Corporation encourages readers to consider the risks and uncertainties associated with projections and other forward-looking statements and to not place undue reliance on any such statements. In addition, the Company assumes no obligation to publicly revise or update any forward-looking statements based on future events or

circumstances.

NATURAL GAS LIQUIDS:

Effective January 1, 2013, the Company began reporting its production volumes on a three-stream basis, which separately reports NGLs extracted from the natural gas stream and sold as a distinct product.

2013 year-end reserves are presented on a three-stream basis, and year-end 2012 reserves are recalculated to reflect three-stream volumes for comparability. NGL volumes are converted to an oil equivalent based on 42 gallons per barrel and compared to overall gas equivalent production based on a 1 barrel to 6 Mcf ratio.

(43)

43

Forward-Looking & Other Cautionary Statements

NON-GAAP MEASURES:

EBITDAX - is a non-GAAP financial measure. It is presented because management believes that it is useful to an investor for evaluating the Company’s operating performance. This is a widely used measure by investors in the oil and gas industry to measure a company’s operating performance without regard to items excluded from the calculation of such term, which can vary substantially from company to company depending upon accounting methods and book value of assets, capital structure and the method by which assets were acquired, among other factors.

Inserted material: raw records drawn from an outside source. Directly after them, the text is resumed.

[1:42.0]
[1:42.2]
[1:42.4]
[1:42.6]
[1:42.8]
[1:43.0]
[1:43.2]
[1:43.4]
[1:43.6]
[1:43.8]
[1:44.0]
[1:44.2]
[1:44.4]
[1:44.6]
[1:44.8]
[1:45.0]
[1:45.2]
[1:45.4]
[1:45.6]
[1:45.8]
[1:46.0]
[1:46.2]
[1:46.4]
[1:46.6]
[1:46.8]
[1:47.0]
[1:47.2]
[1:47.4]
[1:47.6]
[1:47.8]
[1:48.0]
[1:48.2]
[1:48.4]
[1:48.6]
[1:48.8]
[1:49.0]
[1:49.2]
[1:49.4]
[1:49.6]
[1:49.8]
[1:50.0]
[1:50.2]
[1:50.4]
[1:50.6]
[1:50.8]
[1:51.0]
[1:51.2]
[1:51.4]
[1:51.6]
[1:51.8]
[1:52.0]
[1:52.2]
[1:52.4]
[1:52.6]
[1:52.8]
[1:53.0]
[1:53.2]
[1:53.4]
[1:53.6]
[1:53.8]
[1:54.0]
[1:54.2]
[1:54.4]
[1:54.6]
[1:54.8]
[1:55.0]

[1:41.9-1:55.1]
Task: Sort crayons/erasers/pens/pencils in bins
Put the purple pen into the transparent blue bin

There are significant limitations to using EBITDAX as a measure of performance, including the inability to analyze the effect of certain recurring and non-recurring items that materially affect net income or loss, the lack of comparability of results of operations of different companies and the different methods of calculating EBITDAX reported by different companies. The Company’s calculation of EBITDAX is discretionary cash flow plus cash interest expense and cash tax expense added back.

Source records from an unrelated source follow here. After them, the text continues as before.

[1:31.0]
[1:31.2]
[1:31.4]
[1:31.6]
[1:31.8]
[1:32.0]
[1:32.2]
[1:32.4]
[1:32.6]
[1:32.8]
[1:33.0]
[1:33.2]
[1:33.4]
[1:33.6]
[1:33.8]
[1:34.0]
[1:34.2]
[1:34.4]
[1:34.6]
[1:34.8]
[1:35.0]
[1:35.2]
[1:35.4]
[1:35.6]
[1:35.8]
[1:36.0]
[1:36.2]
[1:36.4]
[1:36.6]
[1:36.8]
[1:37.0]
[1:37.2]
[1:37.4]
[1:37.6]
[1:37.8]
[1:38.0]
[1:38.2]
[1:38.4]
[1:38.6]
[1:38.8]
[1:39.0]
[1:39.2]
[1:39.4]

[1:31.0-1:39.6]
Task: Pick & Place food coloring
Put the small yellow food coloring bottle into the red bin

RESERVE and RESOURCE DISCLOSURE -The SEC permits oil and gas companies to disclose proved, probable and possible reserves in their filings with the SEC. The Company does not plan to include probable and possible reserve estimates in its filings with the SEC.

We may use certain terms, such as “risked resources,” that the SEC’s guidelines strictly prohibit us from including in filings with the SEC. The calculation of risked resources, and any other estimates of reserves and resources that are not proved, probable or possible reserves are not necessarily calculated in accordance with SEC guidelines. Our estimate of risked resources is not prepared or reviewed by third party engineers, is determined using strip pricing, which we use internally for planning and budgeting purposes, and may differ from an un-risked estimate of proved, probable and possible reserves. The Company’s estimate of risked resources is provided in this release because management believes it is useful, additional information that is widely used by the investment community in the valuation, comparison and analysis of companies; however, the Company’s estimate of risked resources may not be comparable to similar metrics provided by other companies. Investors are urged to consider closely the disclosure in our Annual Report on Form 10-K for the year ended December 31, 2013, available on the Company’s website at www.billbarrettcorp.com or from the corporate offices at 1099 18th Street, Suite 2300, Denver, CO 80202. You can also obtain this form from the SEC by calling 1-800-SEC-0330 or at www.sec.gov.

FINDING AND DEVELOPMENT COST – Finding and development cost is a non-GAAP metric commonly used in the exploration and production industry. Calculations presented by the Company are based on costs incurred, as adjusted by the Company, divided by reserve additions and are unaudited.